Zing Forum

Reading

Claw-Eval: A New Benchmark for Building a Trustworthy Autonomous Agent Evaluation System

Claw-Eval is an end-to-end autonomous agent evaluation suite that addresses three key flaws in existing benchmarks through trajectory-aware scoring, fine-grained safety and robustness testing, and multi-modal task coverage.

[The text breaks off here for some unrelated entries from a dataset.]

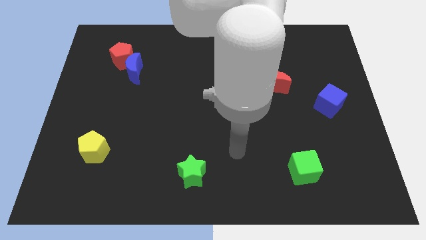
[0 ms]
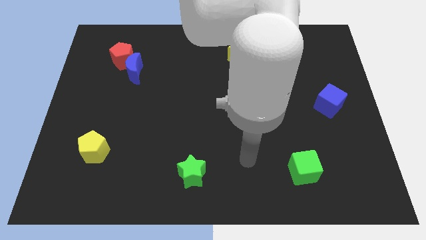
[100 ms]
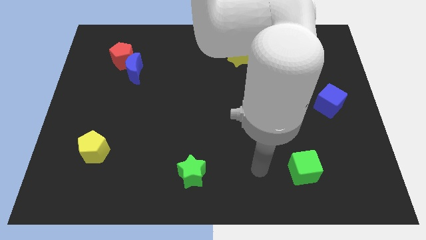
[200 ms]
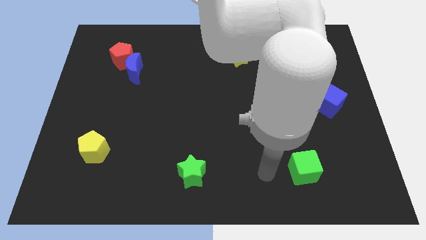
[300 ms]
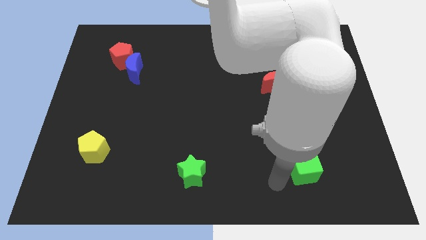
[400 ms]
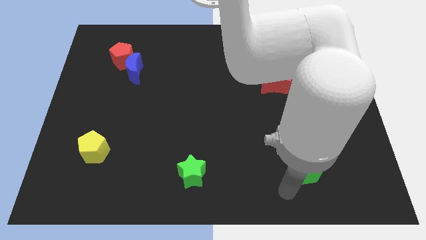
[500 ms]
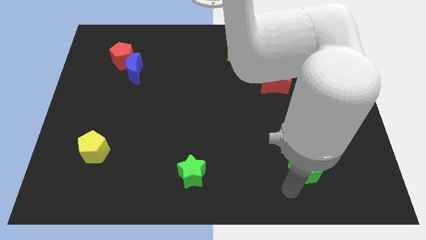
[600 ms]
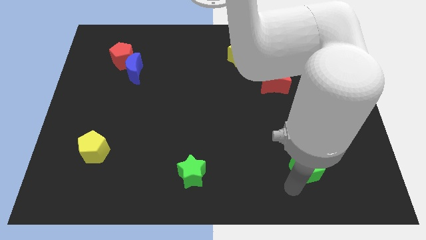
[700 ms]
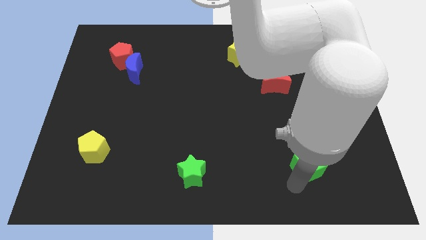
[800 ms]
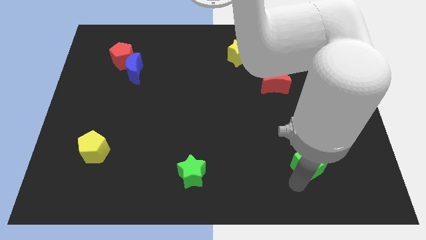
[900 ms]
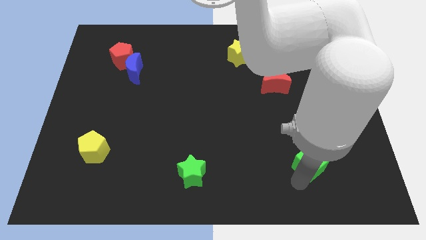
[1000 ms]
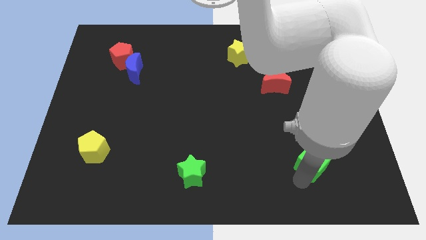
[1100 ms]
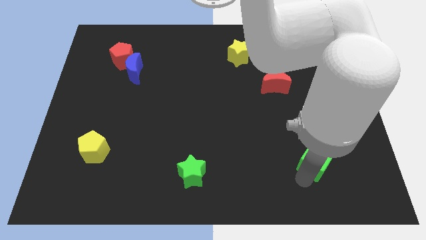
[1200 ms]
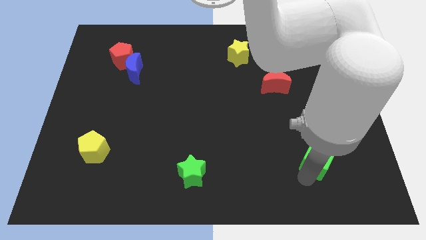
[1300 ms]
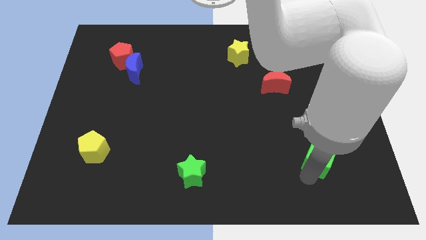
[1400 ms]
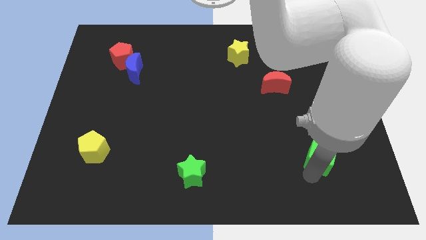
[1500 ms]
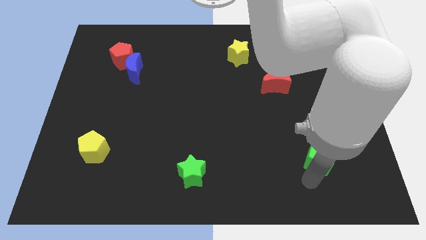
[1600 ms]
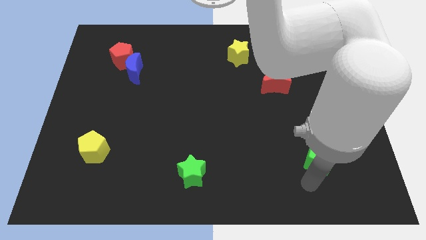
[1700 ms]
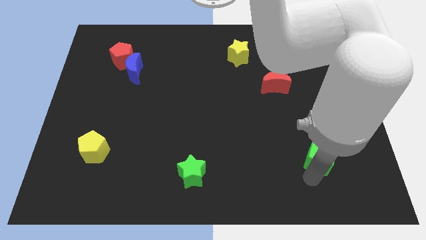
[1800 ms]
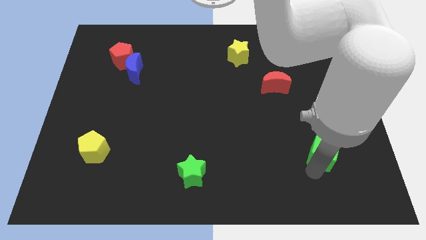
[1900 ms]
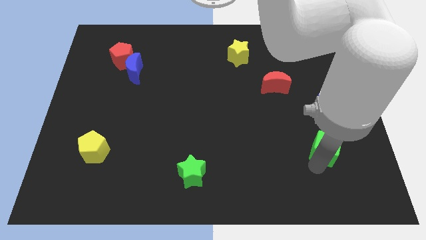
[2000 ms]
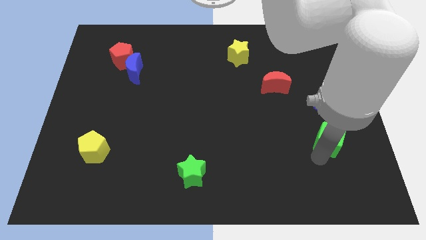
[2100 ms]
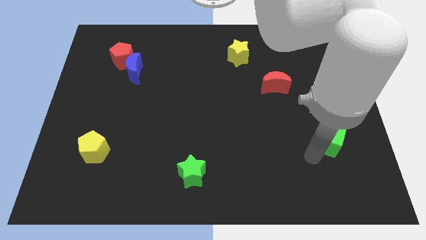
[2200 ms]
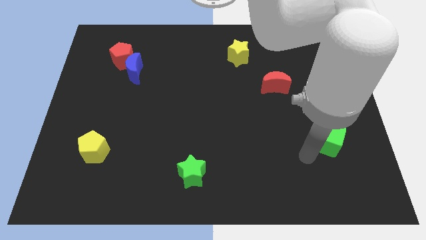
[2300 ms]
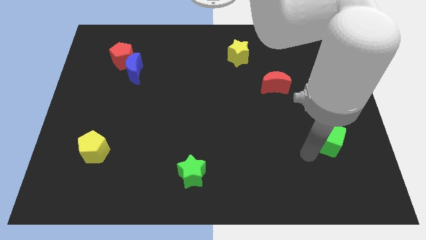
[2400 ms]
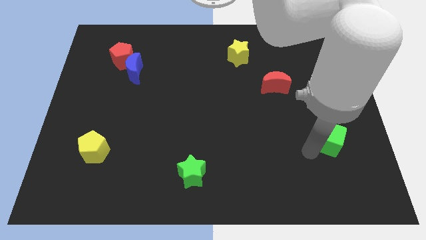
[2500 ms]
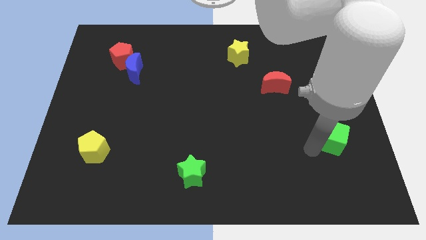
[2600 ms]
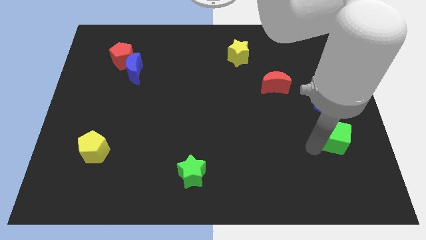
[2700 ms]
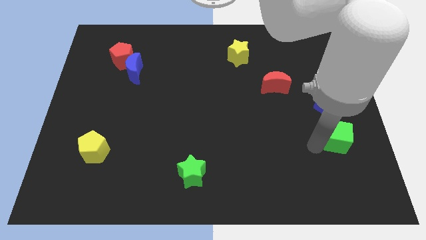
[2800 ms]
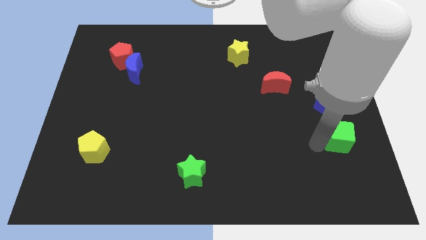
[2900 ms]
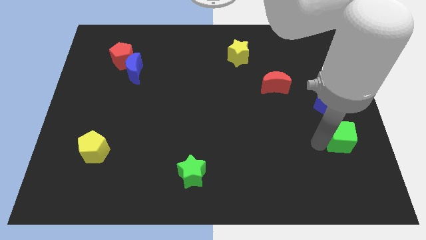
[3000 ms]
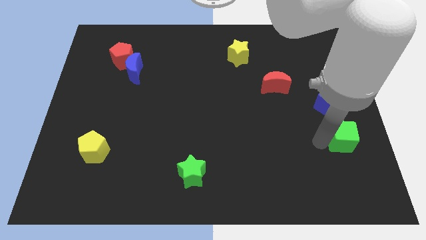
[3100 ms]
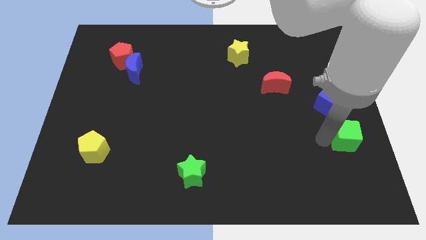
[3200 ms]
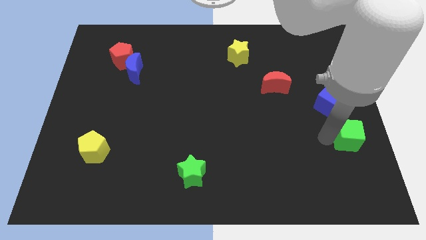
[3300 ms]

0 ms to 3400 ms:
push the green cube to the center right

自主智能体LLM评估基准测试安全性评估多模态轨迹感知鲁棒性测试
Published 2026-04-08 01:43Recent activity 2026-04-08 11:18Estimated read 5 min
Claw-Eval: A New Benchmark for Building a Trustworthy Autonomous Agent Evaluation System
1

Section 01

[Introduction] Claw-Eval: A New Benchmark for Building Trustworthy Autonomous Agent Evaluation

Claw-Eval is an end-to-end evaluation suite designed to address three key flaws in existing autonomous agent benchmarks: opaque trajectory scoring mechanisms, unclear definitions for safety and robustness evaluation, and limited modal coverage. Through trajectory-aware scoring, fine-grained safety and robustness testing, and multi-modal task coverage, it provides a new evaluation framework for building trustworthy autonomous agents.

2

Section 02

Systematic Flaws in Existing Agent Evaluation

Current mainstream evaluation methods use opaque trajectory scoring, which misses up to 44% of safety violations and 13% of robustness failure cases; safety and robustness evaluations lack standardized definitions, making results difficult to compare and reproduce; and they focus on single modalities or limited interaction scenarios, failing to reflect the complex needs of the real world.

3

Section 03

Core Design Philosophy of Claw-Eval

Claw-Eval is built around task diversity, evidence integrity, and scoring refinement: it includes 300 human-validated tasks (9 categories, 3 groups: general service orchestration, multi-modal perception and generation, multi-turn professional dialogue); records agent actions through three evidence channels: execution trajectories, audit logs, and environment snapshots; and establishes a quantitative system with 2159 fine-grained scoring items.

4

Section 04

Multi-dimensional Scoring Protocol of Claw-Eval

The scoring protocol evaluates from three dimensions: completion (task goal achievement), safety (compliance with safety norms), and robustness (stability against disturbances); it uses multiple statistical indicators: average score reflects overall level, Pass@k measures peak capability, and Pass^k reflects consistency and reliability.

5

Section 05

Key Findings from Claw-Eval Experiments

Testing on 14 cutting-edge models revealed: traditional opaque trajectory evaluation misses nearly half of safety violations and over 10% of robustness issues; error injection mainly affects consistency (Pass^3 drops by up to 24%) rather than peak capability (Pass@3 remains stable); multi-modal performance varies significantly—most models perform worse in video understanding tasks than in document and image tasks, and no model dominates all modalities.

6

Section 06

Practical Guidance from Claw-Eval for Agent Development

Developers need to focus on capability, safety, and reliability simultaneously: establish process monitoring mechanisms instead of just result verification; consider robustness (adversarial testing, disturbance injection) during the design phase; optimize multi-modal processing capabilities for specific scenarios; use fine-grained scoring to identify weaknesses (e.g., strengthen alignment training for low safety scores, improve reasoning consistency for robustness fluctuations).

7

Section 07

Significance and Outlook of Claw-Eval

Claw-Eval is an important advancement in the field of autonomous agent evaluation. It provides a more trustworthy and comprehensive evaluation framework, helps understand the current capability boundaries of agents, and points the way for building more trustworthy and reliable autonomous agents in the future.